GIVEN DATA:
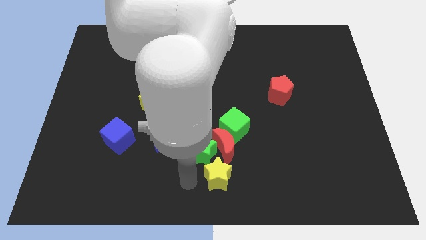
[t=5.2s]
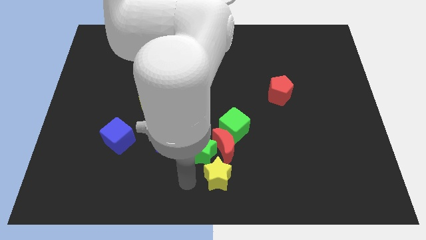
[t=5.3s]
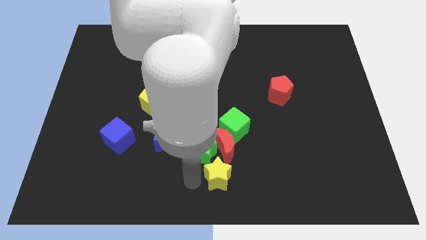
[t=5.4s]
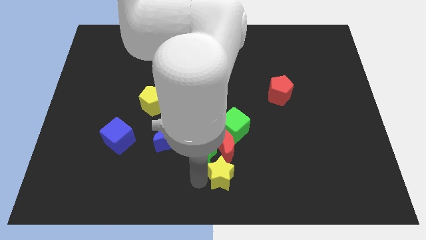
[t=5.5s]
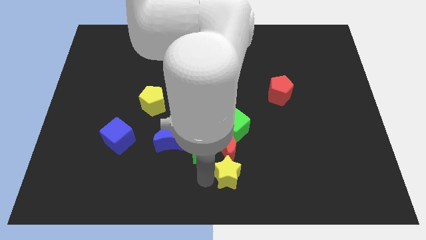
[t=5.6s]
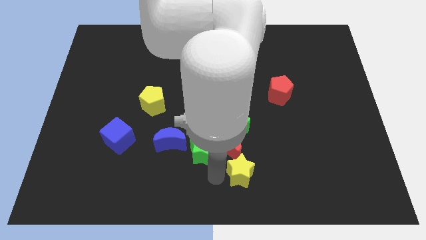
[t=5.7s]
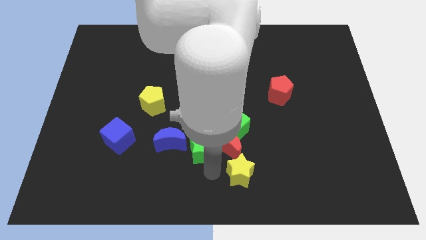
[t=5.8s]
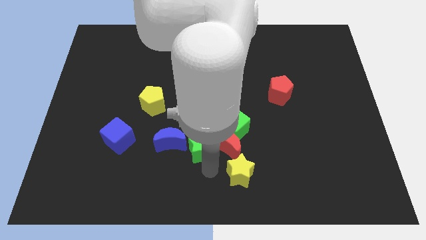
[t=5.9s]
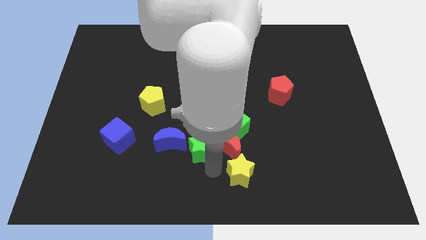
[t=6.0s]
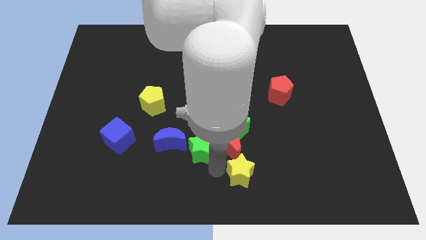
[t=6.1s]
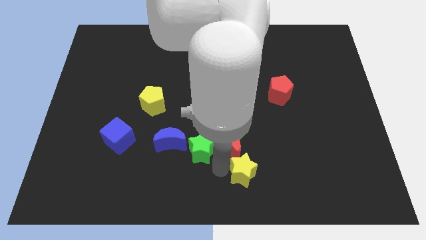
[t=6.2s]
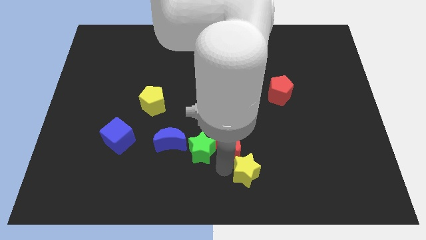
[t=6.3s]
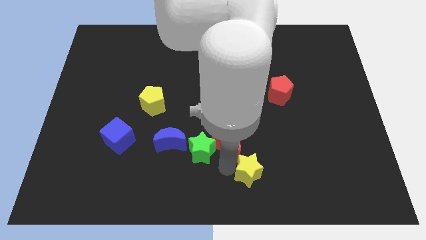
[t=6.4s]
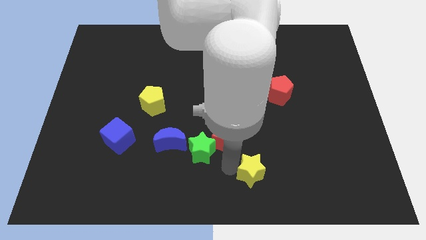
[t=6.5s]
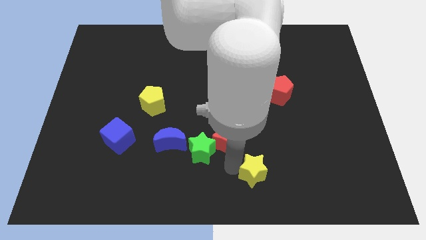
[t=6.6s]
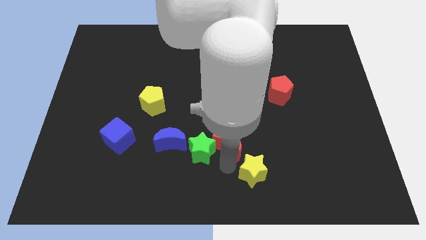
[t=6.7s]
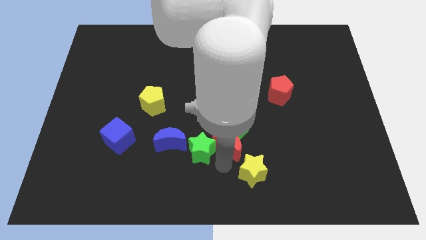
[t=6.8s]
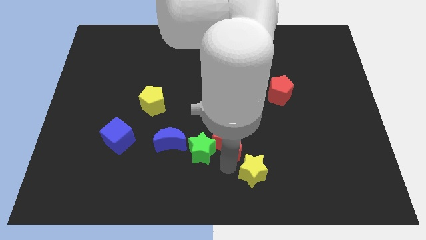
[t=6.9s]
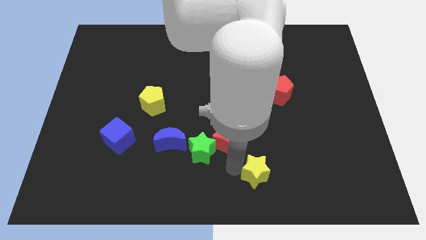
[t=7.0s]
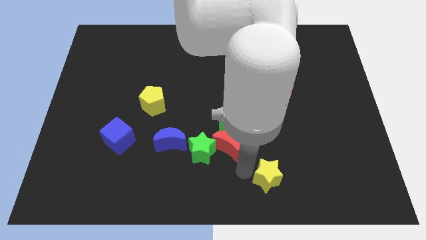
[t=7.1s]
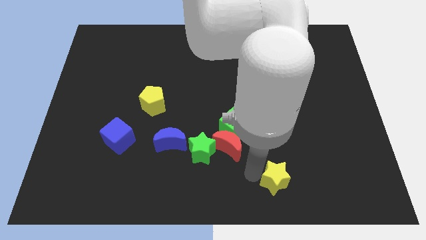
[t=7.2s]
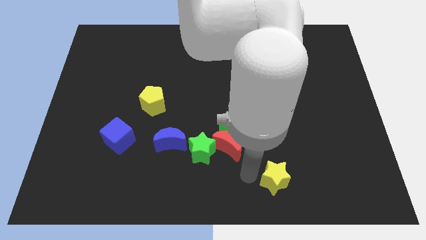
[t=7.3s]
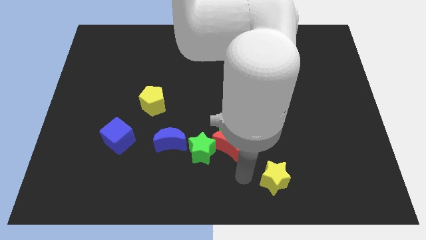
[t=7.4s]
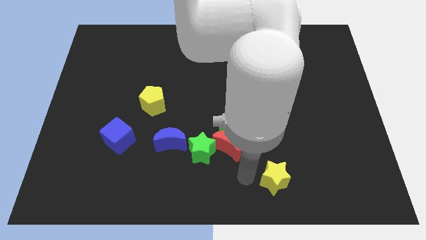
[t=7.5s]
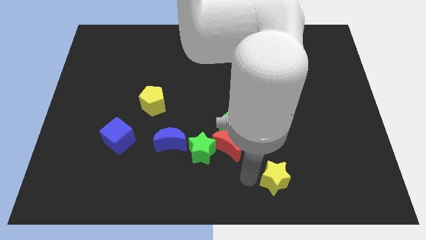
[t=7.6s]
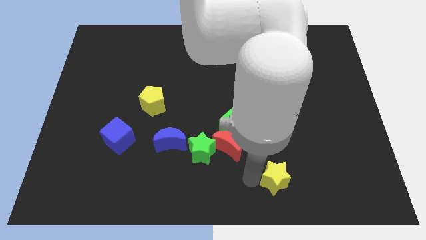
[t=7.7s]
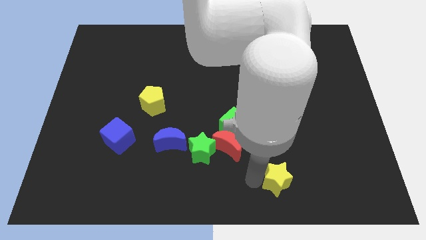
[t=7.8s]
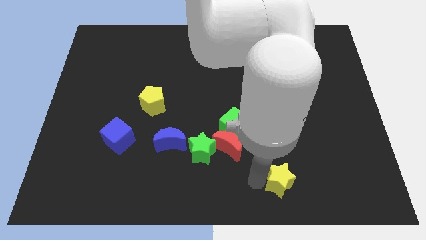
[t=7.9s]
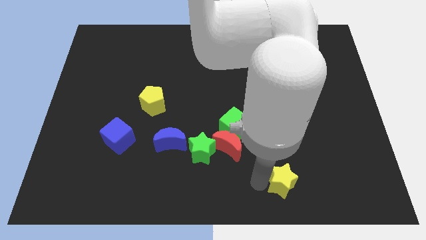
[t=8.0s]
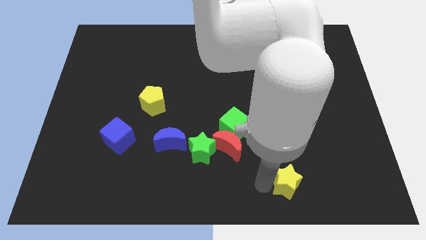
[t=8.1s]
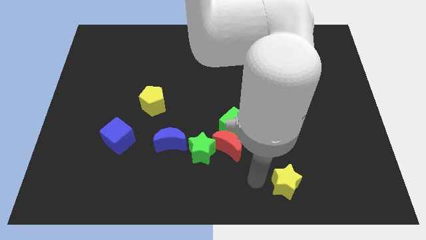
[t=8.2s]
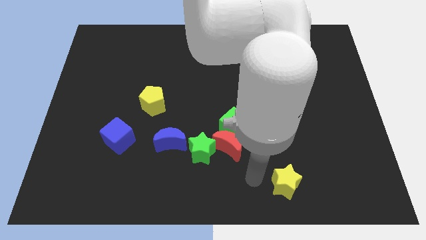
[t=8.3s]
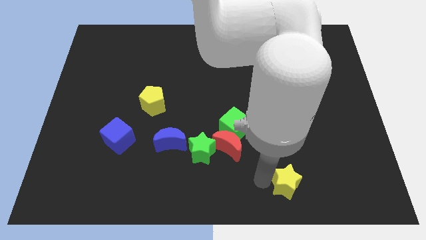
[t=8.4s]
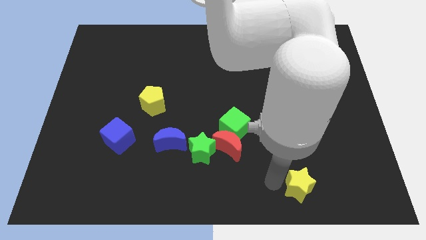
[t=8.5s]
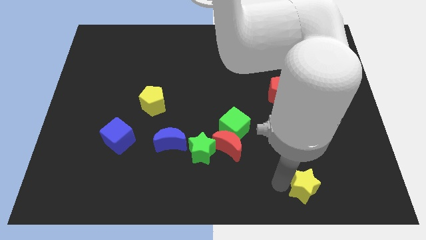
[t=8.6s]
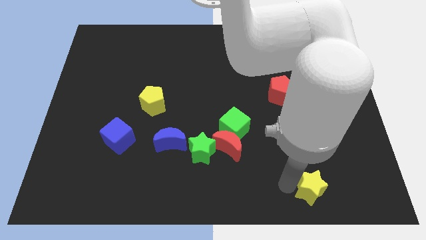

GOAL OF THE EXERCISE:
Your copy of the entries above must be exact and must not include pictures.

PROBLEM SOLUTION:
[t=5.2s]
[t=5.3s]
[t=5.4s]
[t=5.5s]
[t=5.6s]
[t=5.7s]
[t=5.8s]
[t=5.9s]
[t=6.0s]
[t=6.1s]
[t=6.2s]
[t=6.3s]
[t=6.4s]
[t=6.5s]
[t=6.6s]
[t=6.7s]
[t=6.8s]
[t=6.9s]
[t=7.0s]
[t=7.1s]
[t=7.2s]
[t=7.3s]
[t=7.4s]
[t=7.5s]
[t=7.6s]
[t=7.7s]
[t=7.8s]
[t=7.9s]
[t=8.0s]
[t=8.1s]
[t=8.2s]
[t=8.3s]
[t=8.4s]
[t=8.5s]
[t=8.6s]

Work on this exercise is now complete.